Firefighters attempted to rescue miners and extinguish the fire but they were pushed back by heat and flames. The few survivors describe the horrendous scene of miners fighting to survive. Over 35 people died, 11 bodies were never recovered. Had the fire occurred mid shift instead of at shift change, the fatalities would have been even higher.
(Photo credit: Only in Your State)
“The Calamity at Gold Hill April 8, 9 P.M. — The fire in the Gold Hill mines still continues to burn as bad as ever, owing to a cave-in in the Yellow Jacket. The firemen cannot now reach the fire. Every effort is being made to clear the drift. Eighteen dead bodies have been taken out of the drifts and the shafts of the burning mine. Nine lay together where they had climbed to a drift one hundred feet above the one thousand foot level. Two of the miners killed, John Hogan and Joseph McClellan, were members of the Virginia Fire Department. Funeral this afternoon.”

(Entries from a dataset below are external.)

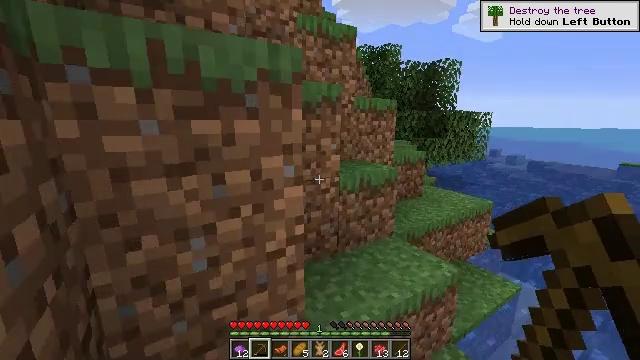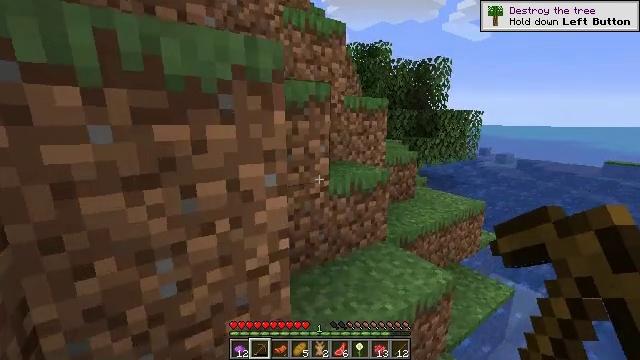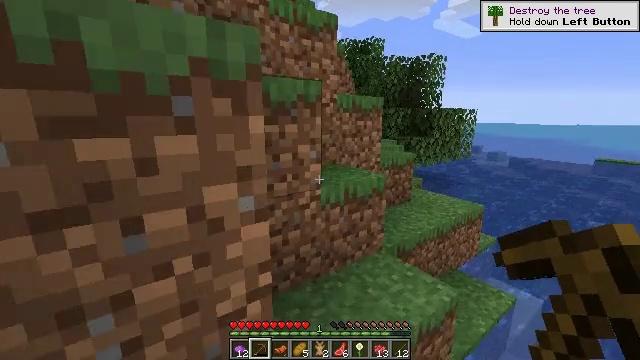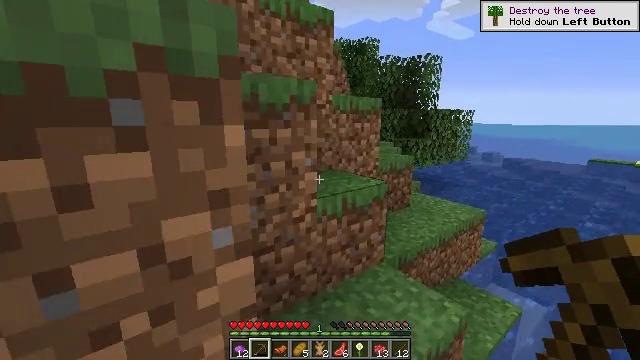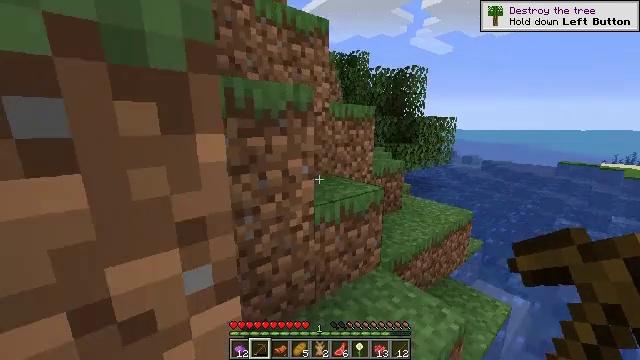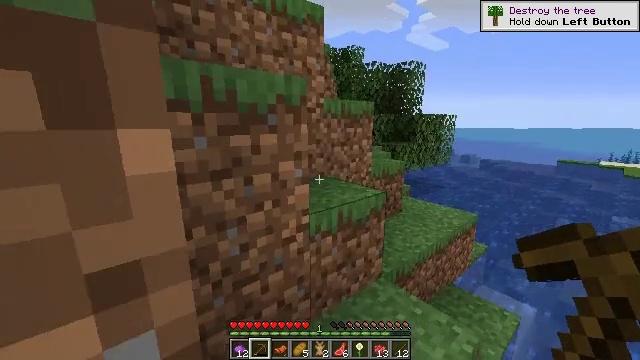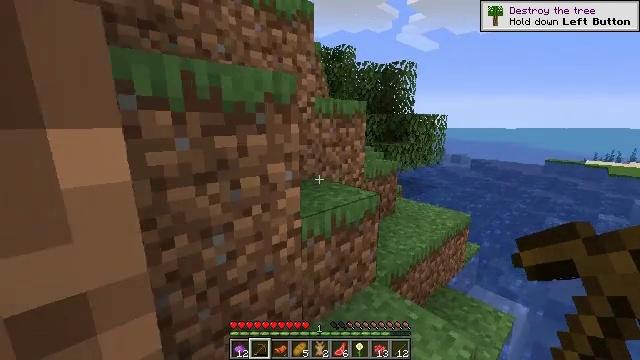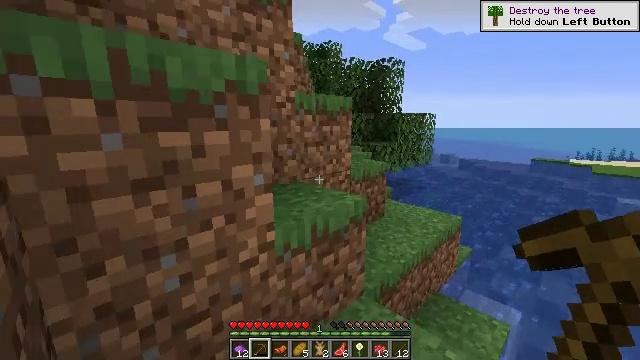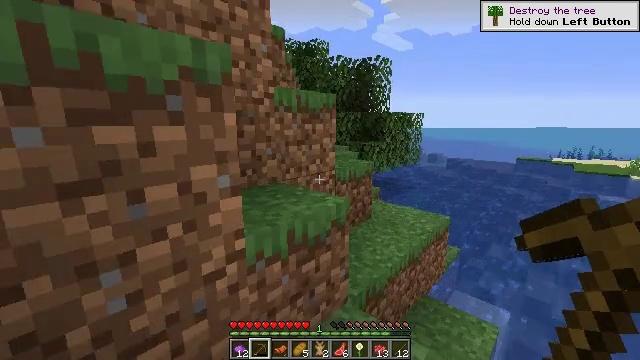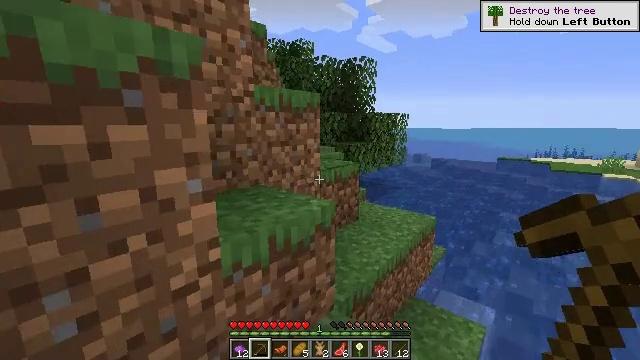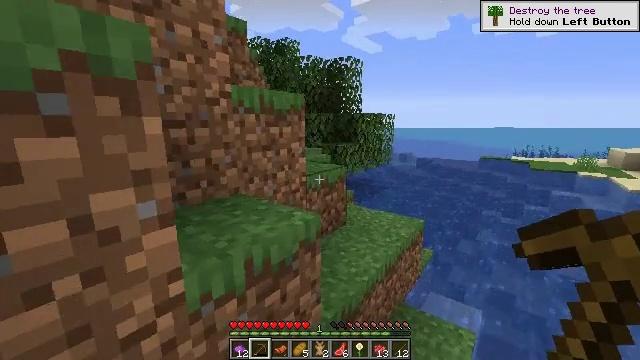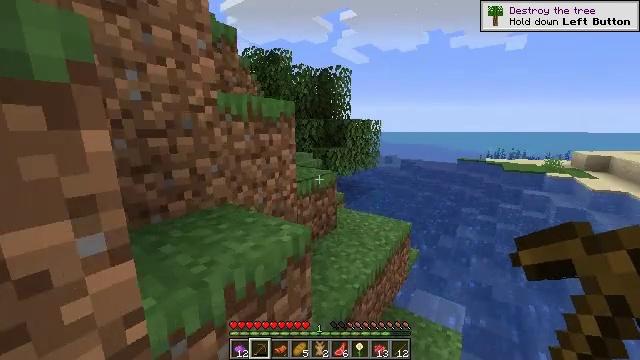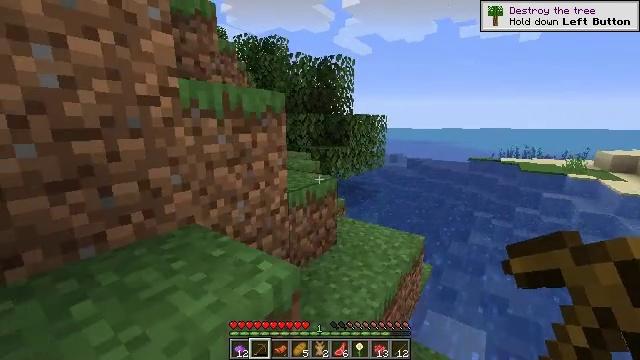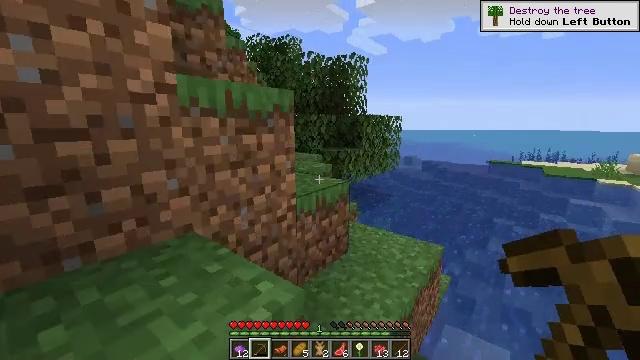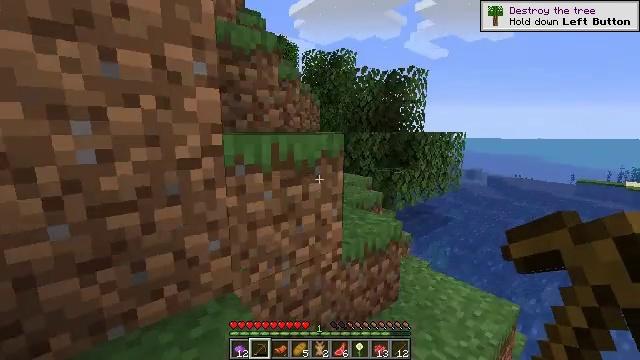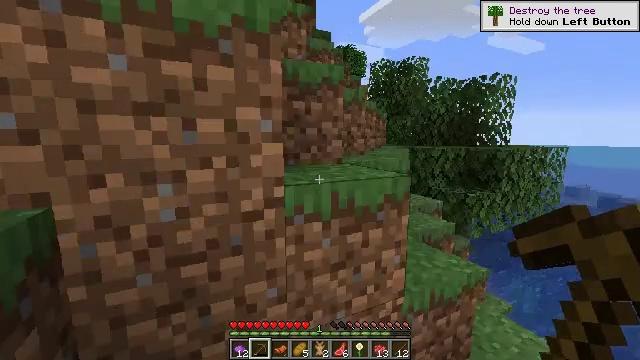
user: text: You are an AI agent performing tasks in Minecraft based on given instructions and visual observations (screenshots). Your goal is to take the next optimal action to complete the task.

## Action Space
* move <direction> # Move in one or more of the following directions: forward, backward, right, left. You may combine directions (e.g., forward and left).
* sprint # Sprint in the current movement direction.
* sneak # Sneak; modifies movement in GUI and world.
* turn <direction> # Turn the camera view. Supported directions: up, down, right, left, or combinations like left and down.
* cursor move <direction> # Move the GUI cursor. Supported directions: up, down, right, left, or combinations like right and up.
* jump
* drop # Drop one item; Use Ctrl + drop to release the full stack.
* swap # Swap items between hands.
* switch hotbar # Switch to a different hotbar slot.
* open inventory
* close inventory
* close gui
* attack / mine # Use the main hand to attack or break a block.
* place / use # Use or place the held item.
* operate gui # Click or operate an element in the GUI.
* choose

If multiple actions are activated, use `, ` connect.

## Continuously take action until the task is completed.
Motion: motion action
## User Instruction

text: Harvest sugar cane from the plant.
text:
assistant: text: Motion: move forward, turn right
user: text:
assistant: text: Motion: move forward, turn right
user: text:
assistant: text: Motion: move forward, turn right
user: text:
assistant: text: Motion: move forward, turn right
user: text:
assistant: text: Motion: move forward, turn right
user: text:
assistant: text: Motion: move forward, turn right
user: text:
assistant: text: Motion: move forward, turn right
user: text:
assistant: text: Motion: move forward, turn right
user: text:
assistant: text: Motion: move forward, turn right
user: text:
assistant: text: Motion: move forward, turn right
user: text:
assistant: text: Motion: move forward, turn right
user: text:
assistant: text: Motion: move forward
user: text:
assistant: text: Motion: move forward, turn left
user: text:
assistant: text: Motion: move forward, turn left and up, jump
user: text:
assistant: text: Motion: move forward, turn left and up, jump
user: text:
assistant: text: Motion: move forward, turn left and up, jump
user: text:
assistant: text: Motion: move forward, turn left
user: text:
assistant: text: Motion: move forward, turn left
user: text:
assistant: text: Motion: move forward, turn left
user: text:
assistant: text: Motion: move forward
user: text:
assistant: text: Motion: move forward
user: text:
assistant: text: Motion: move forward
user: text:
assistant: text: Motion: move forward, jump
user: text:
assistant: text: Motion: move forward, turn right, jump
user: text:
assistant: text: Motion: move forward, turn right, jump
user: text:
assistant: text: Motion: move forward, turn right, jump
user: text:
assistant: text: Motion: move forward, turn right
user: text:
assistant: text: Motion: move forward
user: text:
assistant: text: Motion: move forward
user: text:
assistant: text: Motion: move forward
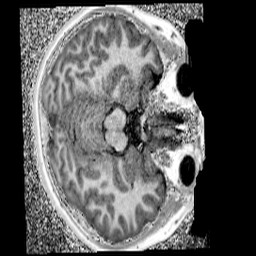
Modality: UNIT1_denoised
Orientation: axial
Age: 10
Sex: female
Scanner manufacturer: siemens
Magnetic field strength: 3 T
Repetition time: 4 s
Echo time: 0.00299 s
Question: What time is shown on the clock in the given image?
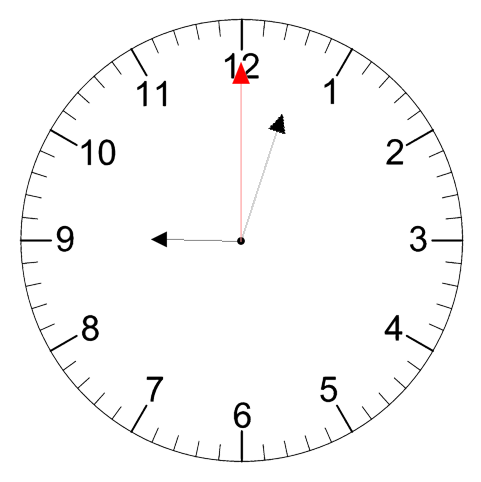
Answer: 09:03:00
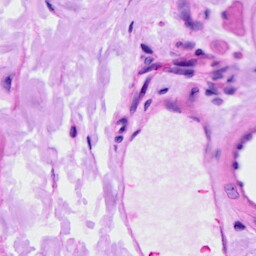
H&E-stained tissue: Ovarian
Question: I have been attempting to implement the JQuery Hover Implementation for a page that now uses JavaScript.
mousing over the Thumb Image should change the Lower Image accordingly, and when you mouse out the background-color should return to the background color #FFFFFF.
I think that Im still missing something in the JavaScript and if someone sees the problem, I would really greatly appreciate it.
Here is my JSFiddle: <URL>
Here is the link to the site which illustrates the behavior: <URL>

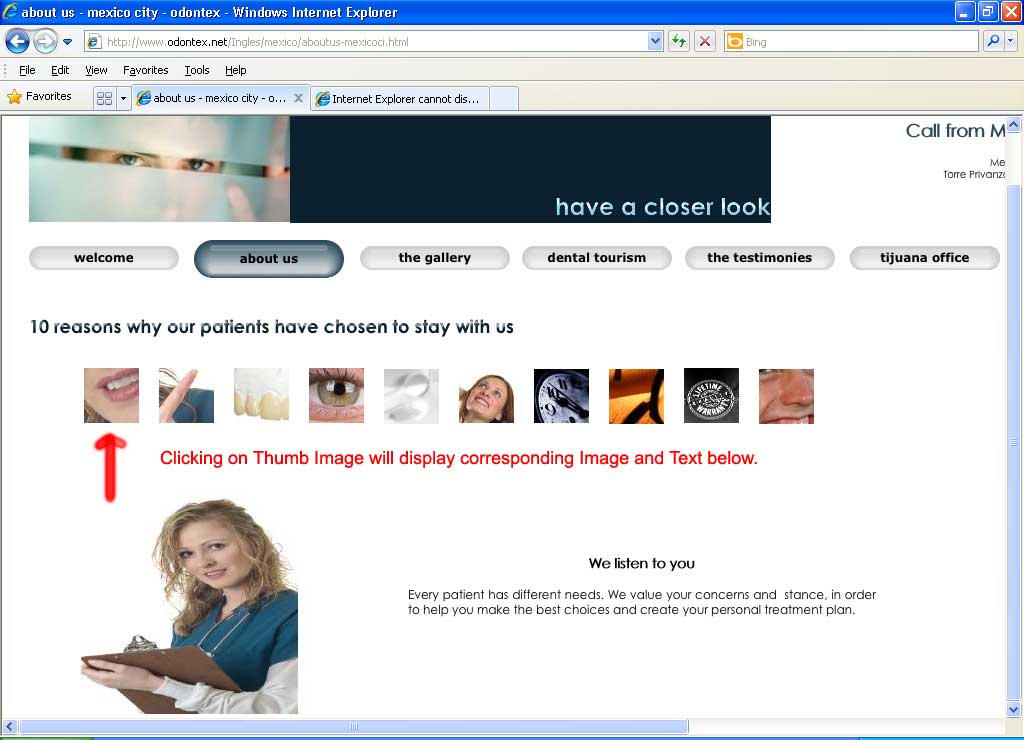
Answer: All your divs have 'id="content"' changing them to 'class="content' would be a start
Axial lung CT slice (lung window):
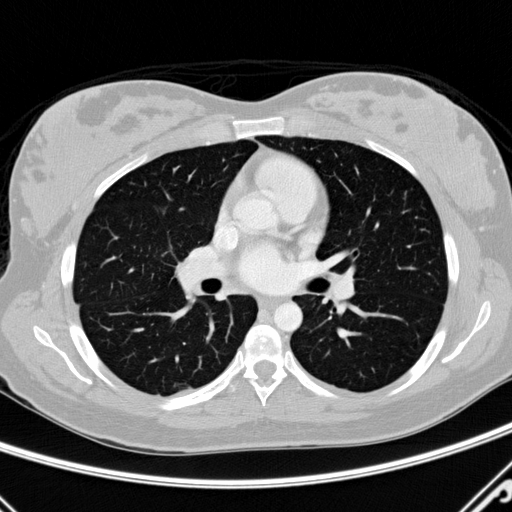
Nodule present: yes
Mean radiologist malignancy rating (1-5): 3
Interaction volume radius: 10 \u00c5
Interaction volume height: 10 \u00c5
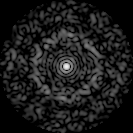
Disorder parameter: 0.8225
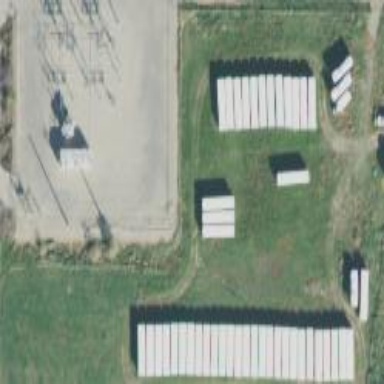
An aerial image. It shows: Power substation.
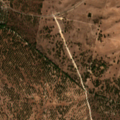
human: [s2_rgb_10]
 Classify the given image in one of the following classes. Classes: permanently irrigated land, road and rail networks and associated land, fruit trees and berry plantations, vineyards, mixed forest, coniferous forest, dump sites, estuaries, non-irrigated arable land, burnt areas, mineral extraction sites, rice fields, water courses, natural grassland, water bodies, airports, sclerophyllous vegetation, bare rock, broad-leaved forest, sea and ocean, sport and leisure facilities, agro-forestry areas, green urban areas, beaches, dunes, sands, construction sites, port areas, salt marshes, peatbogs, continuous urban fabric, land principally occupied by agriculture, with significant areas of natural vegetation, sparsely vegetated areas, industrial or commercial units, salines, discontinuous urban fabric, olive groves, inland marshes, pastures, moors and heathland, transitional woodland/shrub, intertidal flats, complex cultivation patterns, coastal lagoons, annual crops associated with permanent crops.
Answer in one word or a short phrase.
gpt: pastures, broad-leaved forest
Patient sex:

Morning Oregonian, Portland, Oregon
April 9, 1869
The fires continued to burn so the affected shafts were sealed off. Three weeks after the disaster miners returned to work to the accessible tunnels.
I explored the Yellow Jacket mine with my sister, author Nicole Force. We had started our day with massages our awesome mother gifted us. But what’s a girl to do after a relaxing massages? Explore ghost towns of course! We started our explorations at Butters Mill in 6 Mile Canyon. After we visited the Yellow Jacket Mine we finished our day with Bloody Mary’s at the Bucket of Blood!
The Yellow Jacket Miner’s Cabin is now owned by the Gold Hill Hotel and Saloon. It is apartment style and can be rented through the hotel. I haven’t stayed at the cabin, but have stayed at the hotel and the Brewery Lodge across the street. Their restaurant, Crown Point, has amazing dinners and a fun Sunday Brunch we enjoed the next morning. And you can have drinks at the historic Gold Hill Saloon just as Mark Tawain did. The hotel routinely hosts a historical lecture series.
Visited 2-15-2020
References
- Gen Disasters: Gold Hill, NV Yellow Jacket Mine Fire, Sep 1873
- Gold Hill Hotel & Saloon
- Lake Tahoe News: Genoa’s hanging tree a reminder of the past
- Newpapers.com: Fire at Yellow Jacket Mine fatal, at least 35 men killed
- Only In Your State: The Haunted Hike In Nevada That Will Send You Running For The Hills
- Paher, Stanley. Nevada Ghost Towns and Mining Camps. Nevada Publications, 1970. Page 29-31.
- Record Courier: Story Behind the Hanging Tree
- Smith, Grant H. The History of the Comstock Lode. University of Nevada Press, 1997. Page 90-98, 122-125.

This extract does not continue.